= Time constraint =

In law, time constraints are placed on certain actions and filings in the interest of speedy justice, and additionally to prevent the evasion of the ends of justice by waiting until a matter is moot. The penalty for violating a legislative or court-imposed time constraint may be anything from a small fine to judicial determination of an entire case against one's interests.

For example, if a complaining party files an action and then fails to cause the papers pertaining thereto to be served on the opposing party within the time established by local rules, and is unable to convince the court that there was good and sufficient reason for the delay, he risks having his action dismissed with prejudice. If the opposing party is served with the papers and fails to respond within the time limit provided for his answer, he risks having the case decided against him by default.

If one is aggrieved by the judicial outcome of an action and wishes to appeal, he may be forever barred from doing so if he fails to meet the deadline by which his appeal may be filed.

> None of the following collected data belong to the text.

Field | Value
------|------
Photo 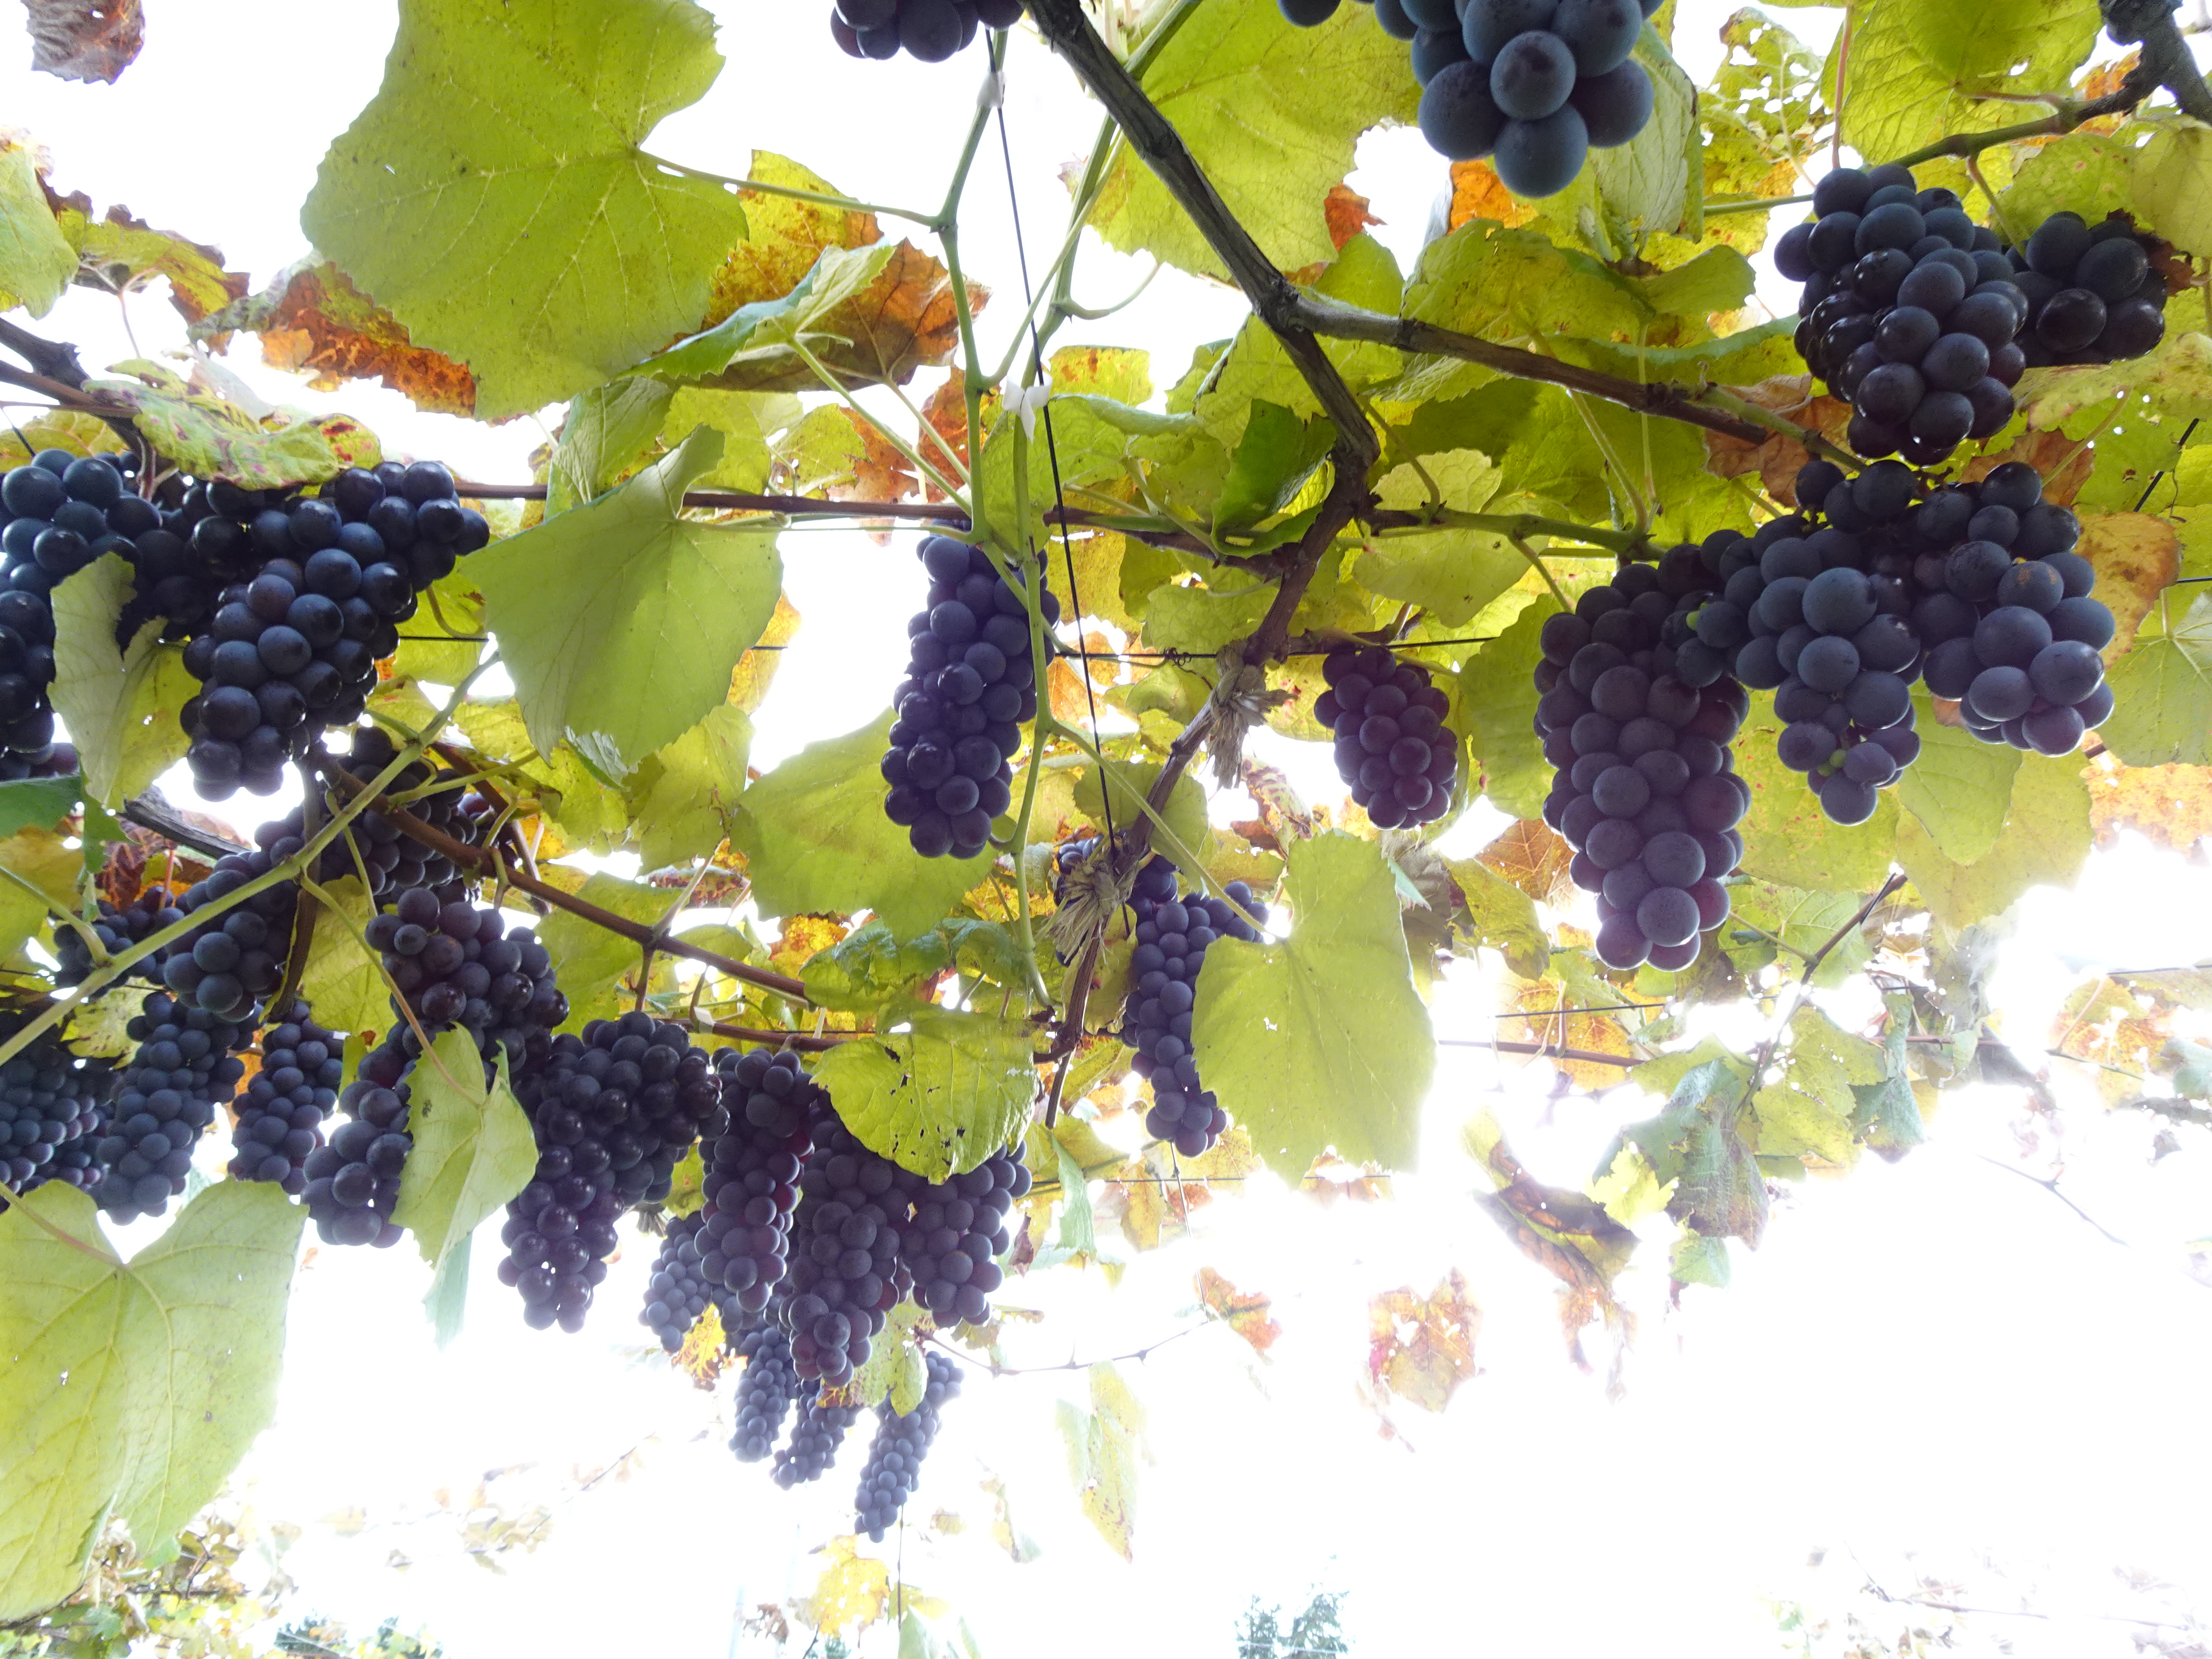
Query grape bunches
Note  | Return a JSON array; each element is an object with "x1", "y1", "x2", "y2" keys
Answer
[
  {"x1": 1, "y1": 977, "x2": 103, "y2": 1219},
  {"x1": 0, "y1": 569, "x2": 86, "y2": 794},
  {"x1": 1531, "y1": 560, "x2": 1755, "y2": 973},
  {"x1": 1274, "y1": 2, "x2": 1671, "y2": 199},
  {"x1": 229, "y1": 980, "x2": 351, "y2": 1207},
  {"x1": 168, "y1": 729, "x2": 470, "y2": 1029},
  {"x1": 1, "y1": 440, "x2": 195, "y2": 754},
  {"x1": 638, "y1": 1189, "x2": 714, "y2": 1363},
  {"x1": 694, "y1": 1011, "x2": 827, "y2": 1316},
  {"x1": 306, "y1": 1029, "x2": 417, "y2": 1251},
  {"x1": 1760, "y1": 158, "x2": 2026, "y2": 474},
  {"x1": 1664, "y1": 524, "x2": 1929, "y2": 829},
  {"x1": 773, "y1": 1382, "x2": 865, "y2": 1499},
  {"x1": 879, "y1": 519, "x2": 1066, "y2": 860},
  {"x1": 841, "y1": 1352, "x2": 968, "y2": 1555},
  {"x1": 445, "y1": 803, "x2": 530, "y2": 877},
  {"x1": 904, "y1": 1133, "x2": 1046, "y2": 1341},
  {"x1": 1312, "y1": 636, "x2": 1470, "y2": 831},
  {"x1": 725, "y1": 1307, "x2": 800, "y2": 1461},
  {"x1": 362, "y1": 883, "x2": 572, "y2": 1066},
  {"x1": 2001, "y1": 208, "x2": 2179, "y2": 372},
  {"x1": 101, "y1": 995, "x2": 243, "y2": 1241},
  {"x1": 1123, "y1": 856, "x2": 1264, "y2": 1162},
  {"x1": 486, "y1": 1011, "x2": 734, "y2": 1341},
  {"x1": 789, "y1": 1115, "x2": 904, "y2": 1395},
  {"x1": 180, "y1": 456, "x2": 487, "y2": 794},
  {"x1": 55, "y1": 891, "x2": 186, "y2": 1009},
  {"x1": 1796, "y1": 458, "x2": 2123, "y2": 756},
  {"x1": 823, "y1": 0, "x2": 1033, "y2": 66}
]

By court order, or by local rule, there may be other time constraints. One may be required to answer interrogatories or a request to produce or other discovery pleadings within a given time. He may be required to give a certain number of days' advance notice before he intends to depose a party or witness. A court may order that there will be only a certain number of weeks or months allowed during which the parties to an action may conduct discovery. There may be a limitation placed upon a deposition, requiring that the party taking it conclude his questioning within a certain number of hours or days.